**Problem requirements**
Give back every record verbatim, but not the pictures.

*** Opening of Information provided ***

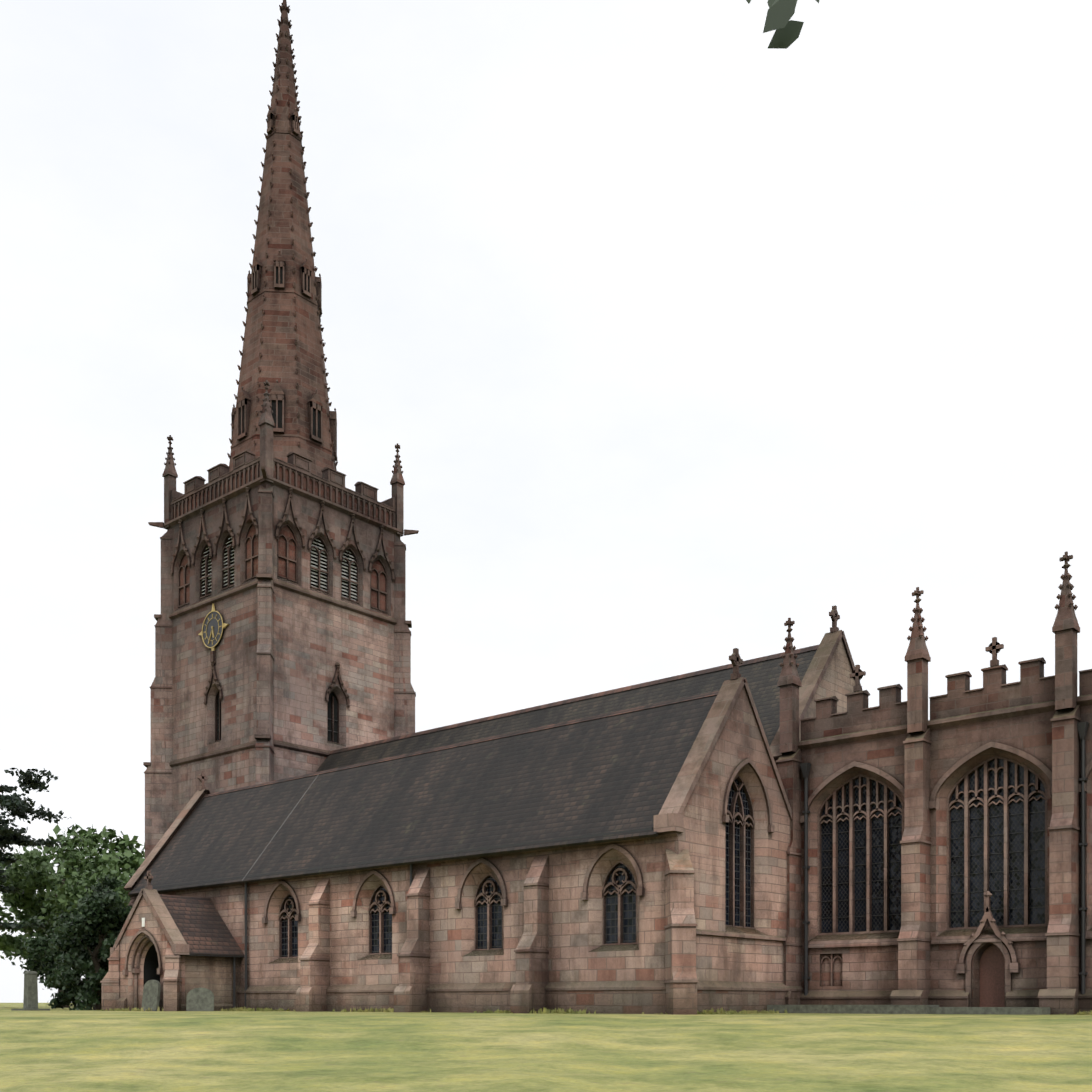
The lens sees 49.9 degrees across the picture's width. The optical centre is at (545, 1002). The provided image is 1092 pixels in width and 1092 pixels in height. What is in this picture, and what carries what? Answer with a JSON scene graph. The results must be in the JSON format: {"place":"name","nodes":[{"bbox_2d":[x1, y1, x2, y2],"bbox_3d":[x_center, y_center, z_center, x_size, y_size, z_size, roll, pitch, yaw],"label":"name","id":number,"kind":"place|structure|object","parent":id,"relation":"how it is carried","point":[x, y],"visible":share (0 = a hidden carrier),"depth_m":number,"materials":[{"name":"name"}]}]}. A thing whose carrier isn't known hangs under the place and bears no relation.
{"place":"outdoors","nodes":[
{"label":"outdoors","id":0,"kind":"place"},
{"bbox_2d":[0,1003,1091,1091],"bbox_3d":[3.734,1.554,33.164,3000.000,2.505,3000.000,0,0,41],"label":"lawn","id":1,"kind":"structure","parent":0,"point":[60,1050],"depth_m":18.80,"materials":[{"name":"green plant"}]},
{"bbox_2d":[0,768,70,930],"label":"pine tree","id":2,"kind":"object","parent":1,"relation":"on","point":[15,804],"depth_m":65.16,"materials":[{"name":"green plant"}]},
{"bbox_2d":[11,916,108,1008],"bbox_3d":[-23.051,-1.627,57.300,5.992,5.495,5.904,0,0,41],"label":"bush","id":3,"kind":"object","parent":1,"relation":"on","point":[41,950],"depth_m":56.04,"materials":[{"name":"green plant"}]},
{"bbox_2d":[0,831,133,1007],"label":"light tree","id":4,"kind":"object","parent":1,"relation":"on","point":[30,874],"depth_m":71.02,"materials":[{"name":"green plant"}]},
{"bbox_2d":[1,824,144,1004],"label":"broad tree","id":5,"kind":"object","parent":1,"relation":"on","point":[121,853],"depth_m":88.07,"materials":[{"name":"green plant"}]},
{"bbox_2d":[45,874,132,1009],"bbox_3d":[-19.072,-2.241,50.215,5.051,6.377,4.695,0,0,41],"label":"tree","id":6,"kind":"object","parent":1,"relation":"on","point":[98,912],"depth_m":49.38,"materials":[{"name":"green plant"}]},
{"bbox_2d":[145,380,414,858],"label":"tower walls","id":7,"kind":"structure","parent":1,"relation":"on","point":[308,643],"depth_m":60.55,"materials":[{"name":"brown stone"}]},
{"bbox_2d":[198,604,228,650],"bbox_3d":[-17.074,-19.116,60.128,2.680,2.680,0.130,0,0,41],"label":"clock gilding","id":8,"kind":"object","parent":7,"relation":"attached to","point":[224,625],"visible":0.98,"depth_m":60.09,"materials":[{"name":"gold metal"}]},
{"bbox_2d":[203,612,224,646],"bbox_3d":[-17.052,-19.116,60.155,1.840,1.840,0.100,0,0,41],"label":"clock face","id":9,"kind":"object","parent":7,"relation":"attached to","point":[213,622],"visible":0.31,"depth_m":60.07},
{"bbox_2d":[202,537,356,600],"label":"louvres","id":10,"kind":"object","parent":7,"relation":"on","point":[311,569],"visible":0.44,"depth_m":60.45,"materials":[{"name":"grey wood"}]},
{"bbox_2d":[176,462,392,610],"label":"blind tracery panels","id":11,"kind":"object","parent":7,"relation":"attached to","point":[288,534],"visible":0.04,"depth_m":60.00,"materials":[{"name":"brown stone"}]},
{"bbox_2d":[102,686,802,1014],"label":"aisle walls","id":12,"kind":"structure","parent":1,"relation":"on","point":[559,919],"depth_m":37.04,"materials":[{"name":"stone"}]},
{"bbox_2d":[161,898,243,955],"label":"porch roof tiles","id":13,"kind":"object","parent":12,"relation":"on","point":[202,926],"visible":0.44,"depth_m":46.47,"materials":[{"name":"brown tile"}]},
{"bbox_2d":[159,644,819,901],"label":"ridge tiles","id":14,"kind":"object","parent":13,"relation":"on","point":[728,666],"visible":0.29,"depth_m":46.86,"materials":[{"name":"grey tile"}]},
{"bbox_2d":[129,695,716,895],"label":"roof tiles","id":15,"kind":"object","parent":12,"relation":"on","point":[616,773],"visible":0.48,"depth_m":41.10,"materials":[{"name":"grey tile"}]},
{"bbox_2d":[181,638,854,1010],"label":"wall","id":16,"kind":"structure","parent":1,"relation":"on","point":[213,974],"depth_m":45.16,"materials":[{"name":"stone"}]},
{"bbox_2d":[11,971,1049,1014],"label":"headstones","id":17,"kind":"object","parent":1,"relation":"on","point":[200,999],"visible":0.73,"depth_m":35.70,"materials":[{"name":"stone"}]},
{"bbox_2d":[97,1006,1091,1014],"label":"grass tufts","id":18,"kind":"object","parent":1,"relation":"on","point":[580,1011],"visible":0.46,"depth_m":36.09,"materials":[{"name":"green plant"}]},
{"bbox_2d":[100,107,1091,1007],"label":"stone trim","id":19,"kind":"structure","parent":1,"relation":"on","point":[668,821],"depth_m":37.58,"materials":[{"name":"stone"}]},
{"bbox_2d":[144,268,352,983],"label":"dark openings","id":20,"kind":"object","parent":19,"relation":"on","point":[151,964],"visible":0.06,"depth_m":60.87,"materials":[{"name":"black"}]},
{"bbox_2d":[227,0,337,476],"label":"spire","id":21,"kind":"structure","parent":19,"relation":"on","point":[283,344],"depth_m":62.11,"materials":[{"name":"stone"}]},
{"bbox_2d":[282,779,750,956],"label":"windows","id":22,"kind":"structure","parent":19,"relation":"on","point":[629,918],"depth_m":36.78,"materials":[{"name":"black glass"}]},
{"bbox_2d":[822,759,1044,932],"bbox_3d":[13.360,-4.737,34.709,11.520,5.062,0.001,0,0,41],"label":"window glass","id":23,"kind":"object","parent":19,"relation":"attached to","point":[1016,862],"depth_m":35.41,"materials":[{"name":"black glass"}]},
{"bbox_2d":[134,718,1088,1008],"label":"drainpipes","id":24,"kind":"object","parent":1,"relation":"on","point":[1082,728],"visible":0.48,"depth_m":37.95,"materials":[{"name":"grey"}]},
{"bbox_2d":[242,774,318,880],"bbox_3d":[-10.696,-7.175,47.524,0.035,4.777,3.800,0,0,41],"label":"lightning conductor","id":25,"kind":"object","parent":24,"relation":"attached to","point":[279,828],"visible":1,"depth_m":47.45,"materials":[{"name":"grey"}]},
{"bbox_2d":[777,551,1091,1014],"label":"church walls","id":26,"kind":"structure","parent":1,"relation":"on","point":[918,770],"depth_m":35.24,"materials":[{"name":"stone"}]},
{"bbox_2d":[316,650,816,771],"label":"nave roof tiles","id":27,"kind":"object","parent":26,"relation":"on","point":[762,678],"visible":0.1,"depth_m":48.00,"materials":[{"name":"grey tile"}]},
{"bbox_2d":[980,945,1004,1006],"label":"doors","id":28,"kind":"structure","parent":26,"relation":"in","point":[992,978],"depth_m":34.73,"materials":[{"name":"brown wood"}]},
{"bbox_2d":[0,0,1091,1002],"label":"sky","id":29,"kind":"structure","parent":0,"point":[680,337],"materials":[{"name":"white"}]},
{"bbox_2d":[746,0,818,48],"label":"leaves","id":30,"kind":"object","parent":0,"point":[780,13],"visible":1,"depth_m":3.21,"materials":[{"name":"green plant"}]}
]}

*** Close of Information provided ***

**Expected answer**
The lens sees 49.9 degrees across the picture's width. The optical centre is at (545, 1002). The provided image is 1092 pixels in width and 1092 pixels in height. What is in this picture, and what carries what? Answer with a JSON scene graph. The results must be in the JSON format: {"place":"name","nodes":[{"bbox_2d":[x1, y1, x2, y2],"bbox_3d":[x_center, y_center, z_center, x_size, y_size, z_size, roll, pitch, yaw],"label":"name","id":number,"kind":"place|structure|object","parent":id,"relation":"how it is carried","point":[x, y],"visible":share (0 = a hidden carrier),"depth_m":number,"materials":[{"name":"name"}]}]}. A thing whose carrier isn't known hangs under the place and bears no relation.
{"place":"outdoors","nodes":[
{"label":"outdoors","id":0,"kind":"place"},
{"bbox_2d":[0,1003,1091,1091],"bbox_3d":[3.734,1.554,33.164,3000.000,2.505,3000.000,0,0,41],"label":"lawn","id":1,"kind":"structure","parent":0,"point":[60,1050],"depth_m":18.80,"materials":[{"name":"green plant"}]},
{"bbox_2d":[0,768,70,930],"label":"pine tree","id":2,"kind":"object","parent":1,"relation":"on","point":[15,804],"depth_m":65.16,"materials":[{"name":"green plant"}]},
{"bbox_2d":[11,916,108,1008],"bbox_3d":[-23.051,-1.627,57.300,5.992,5.495,5.904,0,0,41],"label":"bush","id":3,"kind":"object","parent":1,"relation":"on","point":[41,950],"depth_m":56.04,"materials":[{"name":"green plant"}]},
{"bbox_2d":[0,831,133,1007],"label":"light tree","id":4,"kind":"object","parent":1,"relation":"on","point":[30,874],"depth_m":71.02,"materials":[{"name":"green plant"}]},
{"bbox_2d":[1,824,144,1004],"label":"broad tree","id":5,"kind":"object","parent":1,"relation":"on","point":[121,853],"depth_m":88.07,"materials":[{"name":"green plant"}]},
{"bbox_2d":[45,874,132,1009],"bbox_3d":[-19.072,-2.241,50.215,5.051,6.377,4.695,0,0,41],"label":"tree","id":6,"kind":"object","parent":1,"relation":"on","point":[98,912],"depth_m":49.38,"materials":[{"name":"green plant"}]},
{"bbox_2d":[145,380,414,858],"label":"tower walls","id":7,"kind":"structure","parent":1,"relation":"on","point":[308,643],"depth_m":60.55,"materials":[{"name":"brown stone"}]},
{"bbox_2d":[198,604,228,650],"bbox_3d":[-17.074,-19.116,60.128,2.680,2.680,0.130,0,0,41],"label":"clock gilding","id":8,"kind":"object","parent":7,"relation":"attached to","point":[224,625],"visible":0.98,"depth_m":60.09,"materials":[{"name":"gold metal"}]},
{"bbox_2d":[203,612,224,646],"bbox_3d":[-17.052,-19.116,60.155,1.840,1.840,0.100,0,0,41],"label":"clock face","id":9,"kind":"object","parent":7,"relation":"attached to","point":[213,622],"visible":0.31,"depth_m":60.07},
{"bbox_2d":[202,537,356,600],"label":"louvres","id":10,"kind":"object","parent":7,"relation":"on","point":[311,569],"visible":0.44,"depth_m":60.45,"materials":[{"name":"grey wood"}]},
{"bbox_2d":[176,462,392,610],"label":"blind tracery panels","id":11,"kind":"object","parent":7,"relation":"attached to","point":[288,534],"visible":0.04,"depth_m":60.00,"materials":[{"name":"brown stone"}]},
{"bbox_2d":[102,686,802,1014],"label":"aisle walls","id":12,"kind":"structure","parent":1,"relation":"on","point":[559,919],"depth_m":37.04,"materials":[{"name":"stone"}]},
{"bbox_2d":[161,898,243,955],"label":"porch roof tiles","id":13,"kind":"object","parent":12,"relation":"on","point":[202,926],"visible":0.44,"depth_m":46.47,"materials":[{"name":"brown tile"}]},
{"bbox_2d":[159,644,819,901],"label":"ridge tiles","id":14,"kind":"object","parent":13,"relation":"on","point":[728,666],"visible":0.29,"depth_m":46.86,"materials":[{"name":"grey tile"}]},
{"bbox_2d":[129,695,716,895],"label":"roof tiles","id":15,"kind":"object","parent":12,"relation":"on","point":[616,773],"visible":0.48,"depth_m":41.10,"materials":[{"name":"grey tile"}]},
{"bbox_2d":[181,638,854,1010],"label":"wall","id":16,"kind":"structure","parent":1,"relation":"on","point":[213,974],"depth_m":45.16,"materials":[{"name":"stone"}]},
{"bbox_2d":[11,971,1049,1014],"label":"headstones","id":17,"kind":"object","parent":1,"relation":"on","point":[200,999],"visible":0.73,"depth_m":35.70,"materials":[{"name":"stone"}]},
{"bbox_2d":[97,1006,1091,1014],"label":"grass tufts","id":18,"kind":"object","parent":1,"relation":"on","point":[580,1011],"visible":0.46,"depth_m":36.09,"materials":[{"name":"green plant"}]},
{"bbox_2d":[100,107,1091,1007],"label":"stone trim","id":19,"kind":"structure","parent":1,"relation":"on","point":[668,821],"depth_m":37.58,"materials":[{"name":"stone"}]},
{"bbox_2d":[144,268,352,983],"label":"dark openings","id":20,"kind":"object","parent":19,"relation":"on","point":[151,964],"visible":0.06,"depth_m":60.87,"materials":[{"name":"black"}]},
{"bbox_2d":[227,0,337,476],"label":"spire","id":21,"kind":"structure","parent":19,"relation":"on","point":[283,344],"depth_m":62.11,"materials":[{"name":"stone"}]},
{"bbox_2d":[282,779,750,956],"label":"windows","id":22,"kind":"structure","parent":19,"relation":"on","point":[629,918],"depth_m":36.78,"materials":[{"name":"black glass"}]},
{"bbox_2d":[822,759,1044,932],"bbox_3d":[13.360,-4.737,34.709,11.520,5.062,0.001,0,0,41],"label":"window glass","id":23,"kind":"object","parent":19,"relation":"attached to","point":[1016,862],"depth_m":35.41,"materials":[{"name":"black glass"}]},
{"bbox_2d":[134,718,1088,1008],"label":"drainpipes","id":24,"kind":"object","parent":1,"relation":"on","point":[1082,728],"visible":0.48,"depth_m":37.95,"materials":[{"name":"grey"}]},
{"bbox_2d":[242,774,318,880],"bbox_3d":[-10.696,-7.175,47.524,0.035,4.777,3.800,0,0,41],"label":"lightning conductor","id":25,"kind":"object","parent":24,"relation":"attached to","point":[279,828],"visible":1,"depth_m":47.45,"materials":[{"name":"grey"}]},
{"bbox_2d":[777,551,1091,1014],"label":"church walls","id":26,"kind":"structure","parent":1,"relation":"on","point":[918,770],"depth_m":35.24,"materials":[{"name":"stone"}]},
{"bbox_2d":[316,650,816,771],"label":"nave roof tiles","id":27,"kind":"object","parent":26,"relation":"on","point":[762,678],"visible":0.1,"depth_m":48.00,"materials":[{"name":"grey tile"}]},
{"bbox_2d":[980,945,1004,1006],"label":"doors","id":28,"kind":"structure","parent":26,"relation":"in","point":[992,978],"depth_m":34.73,"materials":[{"name":"brown wood"}]},
{"bbox_2d":[0,0,1091,1002],"label":"sky","id":29,"kind":"structure","parent":0,"point":[680,337],"materials":[{"name":"white"}]},
{"bbox_2d":[746,0,818,48],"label":"leaves","id":30,"kind":"object","parent":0,"point":[780,13],"visible":1,"depth_m":3.21,"materials":[{"name":"green plant"}]}
]}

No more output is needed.